→ **Required action**
Below are some records; output exactly the lines from the line with "The string is" to the line with "You could not", both ends kept, and nothing more.

═════ Given data

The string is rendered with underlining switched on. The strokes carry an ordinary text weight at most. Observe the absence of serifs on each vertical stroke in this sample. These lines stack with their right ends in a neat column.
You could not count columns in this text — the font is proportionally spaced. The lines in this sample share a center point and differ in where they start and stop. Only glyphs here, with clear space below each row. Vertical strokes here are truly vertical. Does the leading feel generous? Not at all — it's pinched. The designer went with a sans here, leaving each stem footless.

══════════
═════ Given data

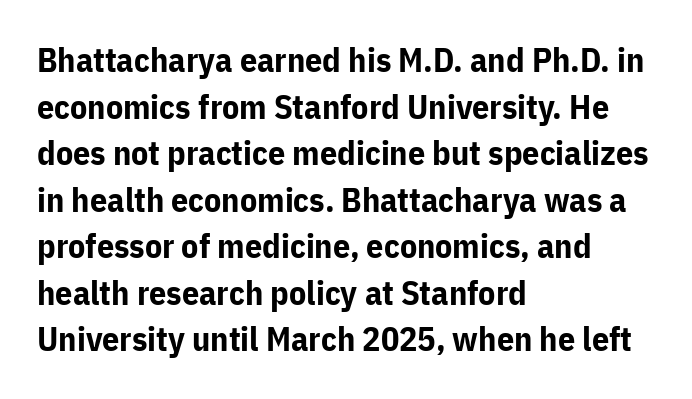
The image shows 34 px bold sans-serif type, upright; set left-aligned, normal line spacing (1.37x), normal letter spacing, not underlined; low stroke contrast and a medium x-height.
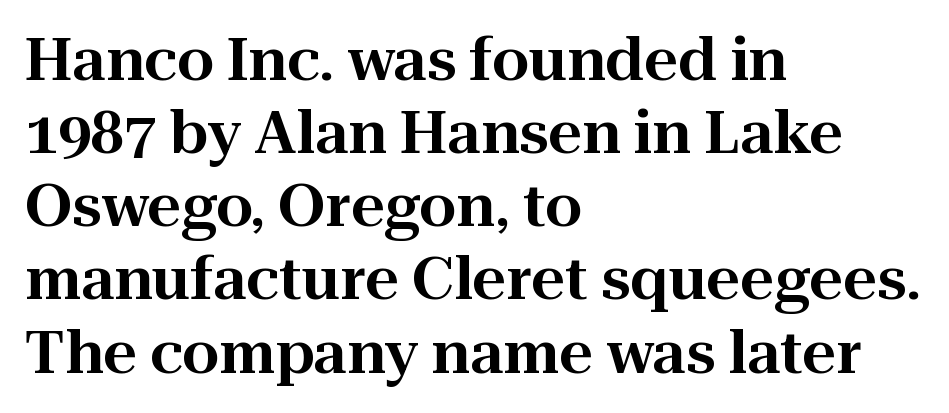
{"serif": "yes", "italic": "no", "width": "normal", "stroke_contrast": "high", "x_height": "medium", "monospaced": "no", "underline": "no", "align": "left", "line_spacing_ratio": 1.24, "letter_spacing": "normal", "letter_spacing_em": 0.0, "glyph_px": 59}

══════════

→ **Response to this exercise**
The string is rendered with underlining switched on. The strokes carry an ordinary text weight at most. Observe the absence of serifs on each vertical stroke in this sample. These lines stack with their right ends in a neat column.
You could not count columns in this text — the font is proportionally spaced. The lines in this sample share a center point and differ in where they start and stop. Only glyphs here, with clear space below each row. Vertical strokes here are truly vertical. Does the leading feel generous? Not at all — it's pinched. The designer went with a sans here, leaving each stem footless.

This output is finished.